マスタリングとは、ミックスダウンが完了した楽曲を最終的に音圧・音質・曲間で整える作業のことです。Pro ToolsやCubase、WaveLabなどの音楽編集ソフト(DAW)を使って、楽曲を「あらゆるリスニング環境で最適に聞こえる状態」に仕上げます。

マスタリングの基本まとめ(2026年4月版)

項目 内容
作業の役割 楽曲制作の最終仕上げ工程
主な作業内容 音質・音圧・曲間調整、各DSP向けのラウドネス調整
ミックスとの違い ミックス完了後の2mixを編集(個別トラックは触らない)
主な担当者 マスタリングエンジニア(専門職)
料金相場 1曲660円〜50,000円(AI〜スタジオ依頼で大きく異なる)
必要な人 配信予定の楽曲制作者・自主制作CDを作る方・作品を仕上げたい全ての人

※2026年4月27日時点の編集部リサーチに基づく整理。

特に重要なのは、マスタリングは音楽制作の品質を大きく左右する最終工程であるという点です。「とりあえずミックスが終わったから完成」ではなく、マスタリング工程を経ることで初めて「人に聴かせられる状態」になります。

💡
2026年現在、マスタリングを依頼する選択肢はセルフマスタリングAIマスタリング(オンライン低価格)個人エンジニアへのオンライン依頼マスタリング専門スタジオへの依頼の4つに整理できます。それぞれメリット・デメリットがあり、楽曲のジャンル・予算・配信先に応じて使い分けるのが現実的です。

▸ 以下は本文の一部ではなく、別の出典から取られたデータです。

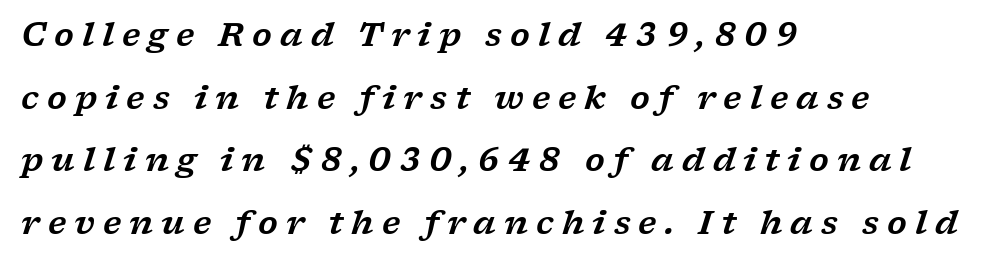
Check under the words: just untouched page. This sample trades compactness for vertical openness between lines. Typographically, this falls in the serif category. The rendering uses natural spacing where letterforms have individual widths. The face used here has a pronounced slope to its letters. The rag falls on the right side of this text block.
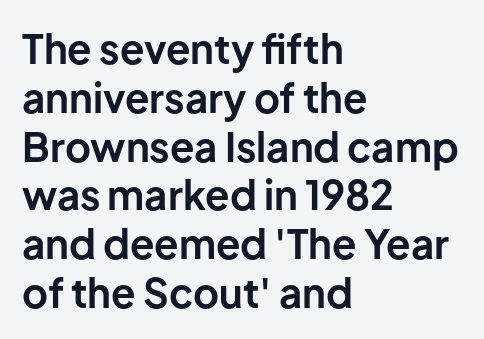
{"serif": "no", "italic": "no", "bold": "yes", "weight": "bold", "width": "normal", "stroke_contrast": "low", "x_height": "medium", "monospaced": "no", "underline": "no", "align": "left", "line_spacing_ratio": 1.22, "letter_spacing": "normal", "letter_spacing_em": 0.0, "glyph_px": 40}
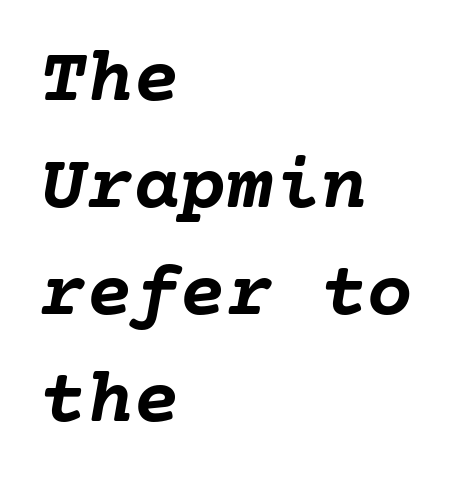
{"italic": "yes", "lean": "right", "slant_degrees": 10, "bold": "yes", "weight": "semibold", "width": "normal", "stroke_contrast": "low", "x_height": "medium", "underline": "no", "align": "left", "line_spacing": "normal", "line_spacing_ratio": 1.37, "letter_spacing": "normal", "letter_spacing_em": 0.0, "glyph_px": 78}
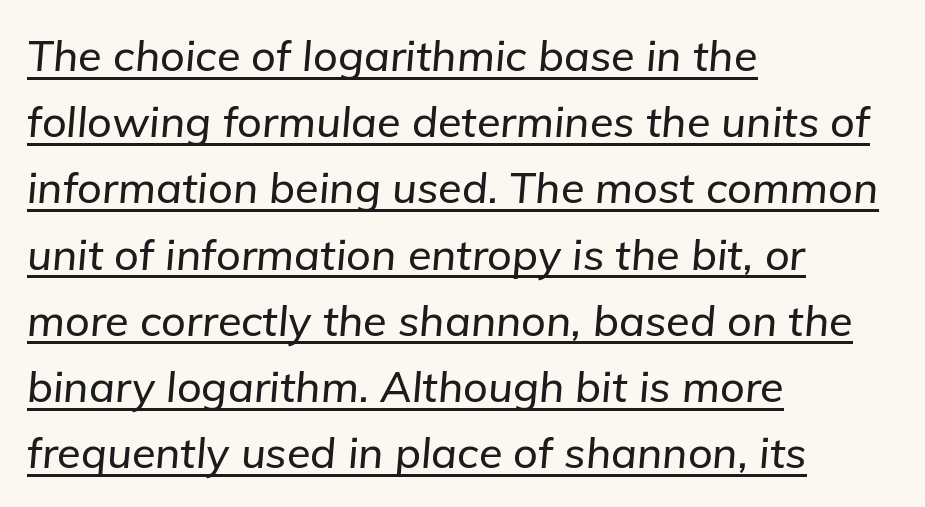
Descenders here cross a horizontal rule under the line. Note the varied advance widths — an 'i' is clearly narrower than an 'm'. Students, note that the glyphs here touch the page at normal intervals. Rows of type keep a routine distance in the vertical direction.
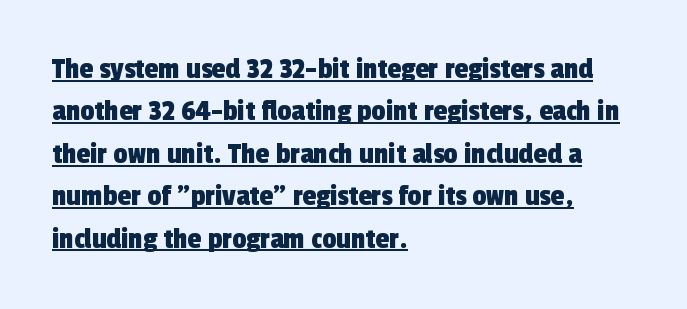
The image shows 31 px condensed sans-serif type; set left-aligned, normal line spacing (1.37x), normal letter spacing, underlined; a medium x-height.
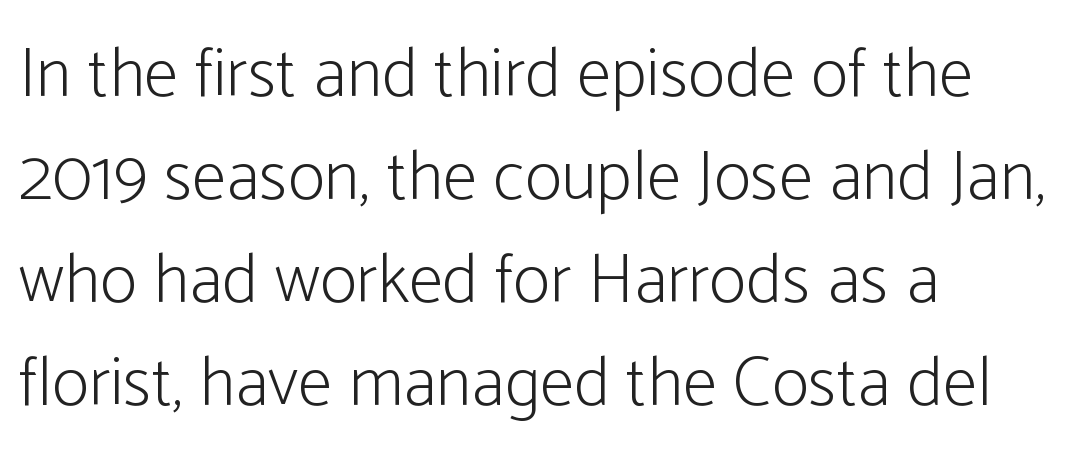
Q: Is the text bold? A: No.
Q: Is the text italic (slanted)? A: No, it is upright.
Q: Is the typeface a serif or a sans-serif typeface? A: Sans-serif.
Q: Is the text underlined? A: No.
Q: How is the paragraph aligned? A: Left-aligned.
Q: Is the spacing between letters normal or unusually wide? A: Normal.
Q: Is the spacing between lines tight, normal or loose? A: Normal.
Q: Width (condensed, normal, or wide)? A: Condensed.
Q: Stroke contrast? A: Low.
Q: x-height? A: Medium.
Q: Monospaced? A: No.

マスタリングが必要な理由|なぜクオリティが変わるのか

「ミックスでバランスは整っているのに、なぜマスタリングが必要なの?」――この疑問に答えるためには、マスタリングが解決する3つの課題を理解する必要があります。

課題①|音圧が低くて他の楽曲と並べると見劣りする

マスタリングをしていない楽曲は、市販のCDやストリーミング楽曲と比べると音圧が低く、迫力がないように聞こえます。これは決して「悪い音」ではないのですが、プレイリストやSNSで他の楽曲と並んで流れた瞬間に「自分の曲だけ小さい」と感じる原因になります。

マスタリングで適切な音圧調整を行うことで、他の楽曲と並べても遜色のないクオリティ感を得られます。

課題②|リスニング環境によって聞こえ方が大きく変わる

ミックスでは、エンジニアがスタジオモニターという「正確な音が出るスピーカー」で作業します。しかしリスナーは、イヤホン・ノートPCの内蔵スピーカー・カーオーディオ・スマートスピーカーなど、さまざまな環境で楽曲を聴きます。

マスタリングでは、これらあらゆる再生環境で破綻なく聞こえるように最終調整を行います。これは経験豊富なエンジニアの腕が最も問われる作業の1つです。

課題③|アルバム全体としてのまとまりがない

複数曲が収録される作品の場合、曲ごとに音量がバラバラだったり、曲間が不自然だったりすると、リスナーが何度もボリュームを調整しなければなりません。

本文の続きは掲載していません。